United States v. Gonzales
This text of 79 F. App'x 315 (United States v. Gonzales) is published on Counsel Stack Legal Research, covering Court of Appeals for the Ninth Circuit primary law. Counsel Stack provides free access to over 12 million legal documents including statutes, case law, regulations, and constitutions.
Opinion
MEMORANDUM
Joseph Anthony Gonzales appeals his guilty-plea conviction and 144-month sentence for one count of possession with intent to distribute marijuana, in violation of 21 U.S.C. § 841(a). Gonzales’s attorney has filed a brief pursuant to Anders v. California, 386 U.S. 738, 87 S.Ct. 1396, 18 L.Ed.2d 493 (1967), and has moved to withdraw as counsel of record on the ground that he failed to discover any arguable issues on appeal.
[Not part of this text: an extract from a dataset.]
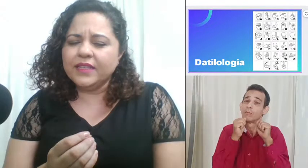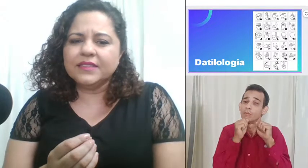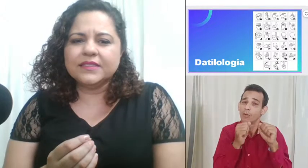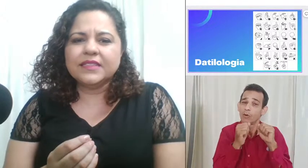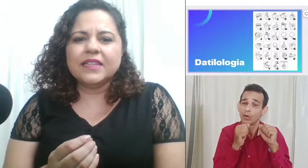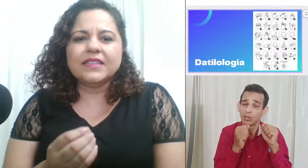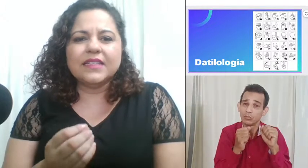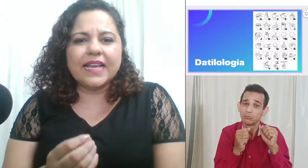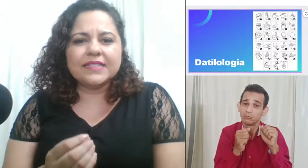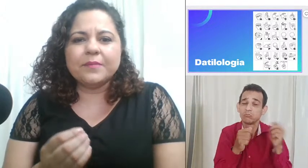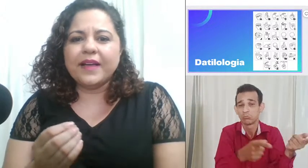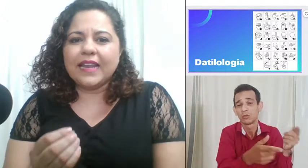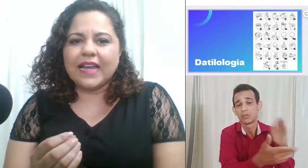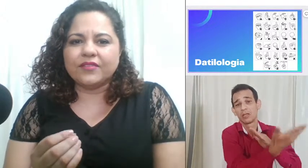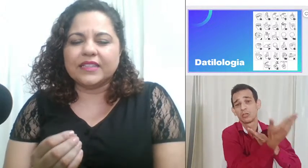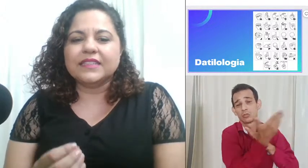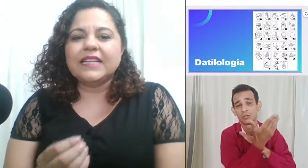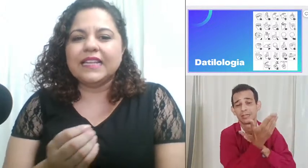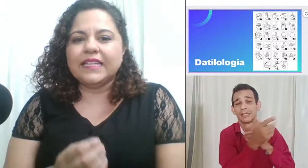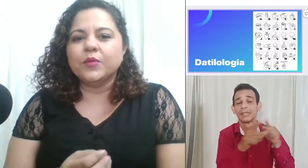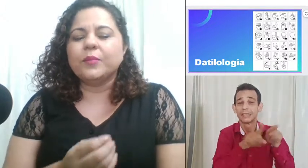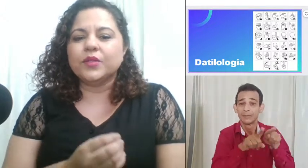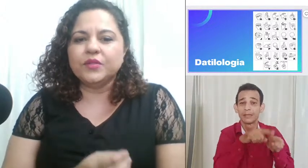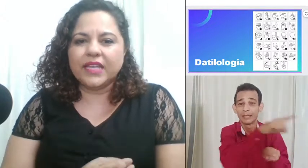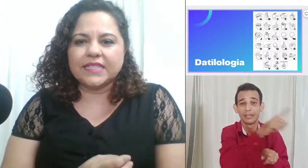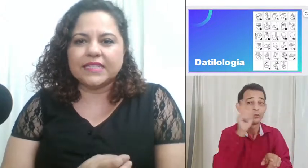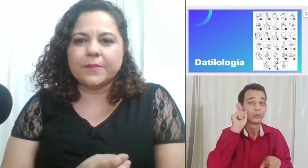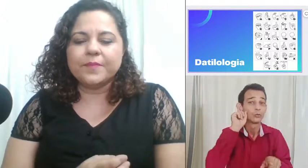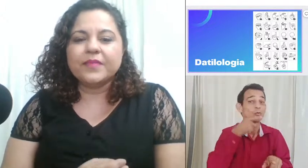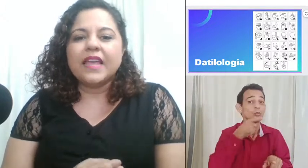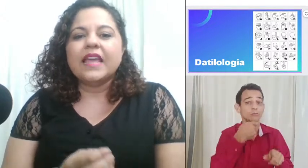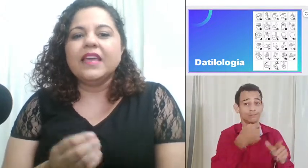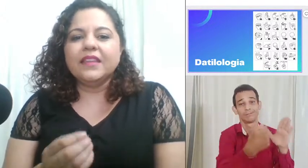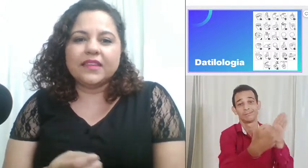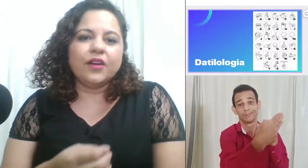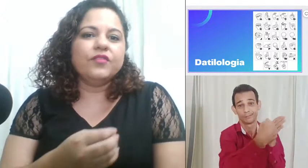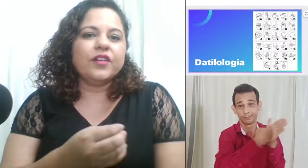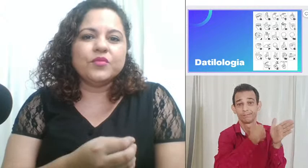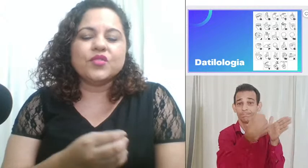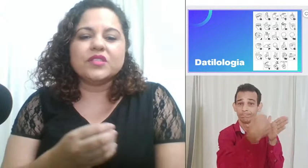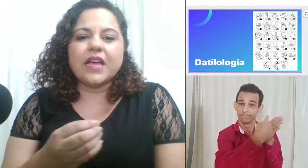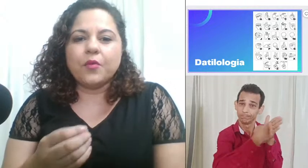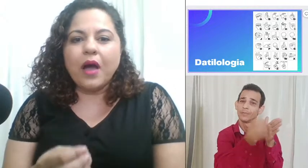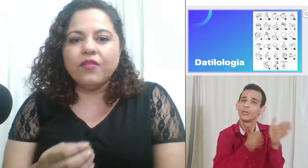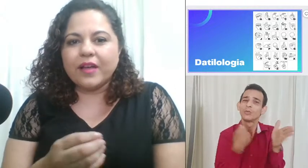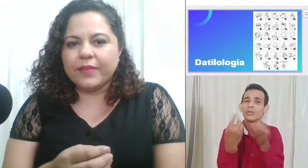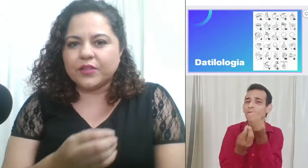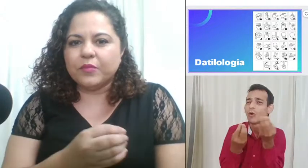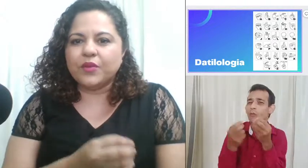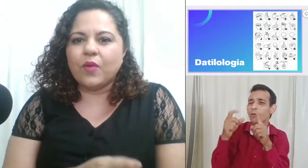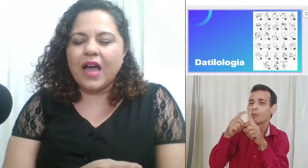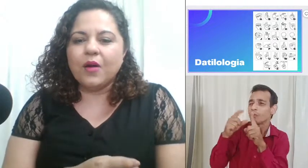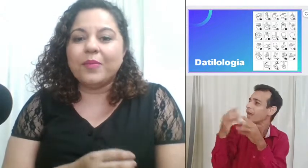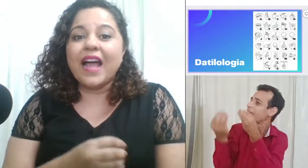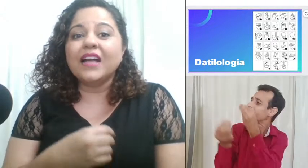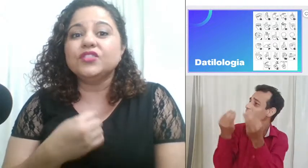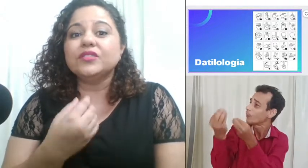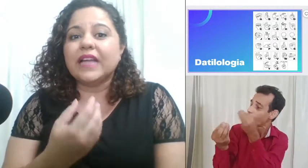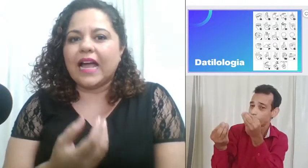dessa palavra na língua portuguesa. Então, vamos usar o alfabeto manual para ajudá

Gonzales filed a pro se supplemental brief, contending that his guilty plea was not knowing and voluntary, in light of United States v. Minore, 292 F.3d 1109 (9th Cir.2002) (concluding that district court must instruct that drug quantity is an element which the government must prove beyond a reasonable doubt). Because appellant has failed to show that the issue was raised below, we review for plain error. Id. at 1117. We apply the four-part test for plain error, and conclude that, in light of appellant’s unequivocal admissions and the overwhelming evidence of the drug quantity in question, it is not unfair to hold appellant to his guilty plea. See id. at 1120. Accordingly, we find appellant’s guilty plea was valid.
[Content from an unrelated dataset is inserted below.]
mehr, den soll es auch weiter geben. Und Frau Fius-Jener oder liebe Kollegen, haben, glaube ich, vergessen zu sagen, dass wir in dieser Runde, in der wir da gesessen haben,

We enforce the appellant’s waiver of his right to appeal in his plea agreement, because his sentence does not exceed the applicable guideline range.
Appellee’s August 20, 2003 motion to dismiss pursuant to the valid appeal waiver in the plea agreement is GRANTED. Accordingly, we do not reach the merits of appellant’s other contentions raised in his pro se brief. Counsel’s motion to withdraw is GRANTED, and this appeal is DISMISSED.
This disposition is not appropriate for publication and may not be cited to or by the courts of this circuit except as provided by Ninth Circuit Rule 36-3.